PERMETHRIN BESTS IVERMECTIN FOR SCABIES IN CHILDREN AND ADULTS
March 2026
Scabies is one of the most common parasitic skin conditions seen in primary care and dermatology. Global estimates place the population burden in the hundreds of millions at any given time, and reported incidence has been rising in several high-income settings. Infestation is caused by the mite Sarcoptes scabiei var. hominis.

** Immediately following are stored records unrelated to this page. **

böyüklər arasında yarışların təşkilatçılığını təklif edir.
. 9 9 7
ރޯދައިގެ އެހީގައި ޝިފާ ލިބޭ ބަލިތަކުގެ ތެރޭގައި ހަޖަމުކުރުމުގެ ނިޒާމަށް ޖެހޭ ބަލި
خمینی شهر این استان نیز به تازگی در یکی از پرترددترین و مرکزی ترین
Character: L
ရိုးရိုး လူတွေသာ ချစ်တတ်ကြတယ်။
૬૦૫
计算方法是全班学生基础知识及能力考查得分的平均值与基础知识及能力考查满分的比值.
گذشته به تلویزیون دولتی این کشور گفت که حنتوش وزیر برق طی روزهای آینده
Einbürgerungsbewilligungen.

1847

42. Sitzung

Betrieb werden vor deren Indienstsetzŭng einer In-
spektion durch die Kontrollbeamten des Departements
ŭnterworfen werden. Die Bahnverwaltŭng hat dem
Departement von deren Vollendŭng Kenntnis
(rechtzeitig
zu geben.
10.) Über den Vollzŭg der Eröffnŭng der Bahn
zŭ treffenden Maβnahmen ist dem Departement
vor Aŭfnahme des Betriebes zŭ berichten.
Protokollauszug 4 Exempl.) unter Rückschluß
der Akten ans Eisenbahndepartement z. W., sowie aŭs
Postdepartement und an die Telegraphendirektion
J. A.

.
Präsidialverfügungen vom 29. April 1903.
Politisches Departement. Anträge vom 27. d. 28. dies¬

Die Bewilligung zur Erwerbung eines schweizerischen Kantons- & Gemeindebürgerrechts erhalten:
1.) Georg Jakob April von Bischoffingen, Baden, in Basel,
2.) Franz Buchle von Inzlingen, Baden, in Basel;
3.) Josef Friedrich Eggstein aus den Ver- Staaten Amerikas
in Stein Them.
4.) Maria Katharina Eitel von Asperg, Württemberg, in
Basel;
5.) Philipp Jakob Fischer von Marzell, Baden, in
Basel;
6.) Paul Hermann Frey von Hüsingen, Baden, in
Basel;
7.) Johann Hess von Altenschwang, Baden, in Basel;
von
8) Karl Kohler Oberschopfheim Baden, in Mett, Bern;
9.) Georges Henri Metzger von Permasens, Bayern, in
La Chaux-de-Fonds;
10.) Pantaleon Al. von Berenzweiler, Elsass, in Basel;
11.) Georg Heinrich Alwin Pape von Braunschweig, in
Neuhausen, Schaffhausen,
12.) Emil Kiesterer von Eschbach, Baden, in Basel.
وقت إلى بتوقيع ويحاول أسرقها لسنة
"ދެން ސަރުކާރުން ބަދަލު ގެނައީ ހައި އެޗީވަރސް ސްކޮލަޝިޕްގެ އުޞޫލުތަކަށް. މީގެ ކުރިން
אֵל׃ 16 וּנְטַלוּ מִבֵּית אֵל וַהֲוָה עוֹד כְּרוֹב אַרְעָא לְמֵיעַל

Transmission occurs mainly through prolonged direct skin-to-skin contact; spread via fomites (clothing, bedding) is possible but less common than person-to-person contact. Household members and sexual partners are at high risk because asymptomatic carriers can transmit mites for weeks before typical pruritus and burrows appear. That pattern makes simultaneous treatment of close contacts central to successful management.
To compare two standard therapies head-to-head at the household level, investigators conducted the SCRATCH (Scabies Randomized Trial in Children and Adults), a multicentre, assessor-blinded, cluster-randomized trial in France. Index cases were children or adults with classic scabies confirmed by dermoscopy; each index case and household members represented a cluster, and they received the same assigned regimen (except children weighing <15 kg, who received topical 5% permethrin per protocol). Clusters were randomized 1:1 to oral ivermectin 200 mcg/kg with food on days 0 and 10 or 5% permethrin cream applied head-to-toe on days 0 and 10 (cream left on overnight). The primary outcome was cluster-level clinical cure on day 28, defined as all cluster members being free of scabies signs and symptoms. The main analysis included 507 participants in 142 ivermectin clusters and 568 participants in 147 permethrin clusters. Cluster cure rates were 71.8% with ivermectin versus 88.5% with permethrin (difference −16.7 percentage points; 95% CI −26.3 to −7.1). A secondary analysis evaluating outcomes at the individual level also favoured permethrin (94.2% versus 85.3%).
This study supports recommendations to use permethrin as first-line treatment for scabies when the skin can tolerate full-body topical application and adherence is feasible. Ivermectin may be appropriate as a second-line treatment when permethrin is impractical (e.g., institutional outbreaks, severe barriers to bathing or cream application, or settings where coordinated whole-body topical therapy cannot be achieved). Resistance and local epidemiology may alter choices in some regions.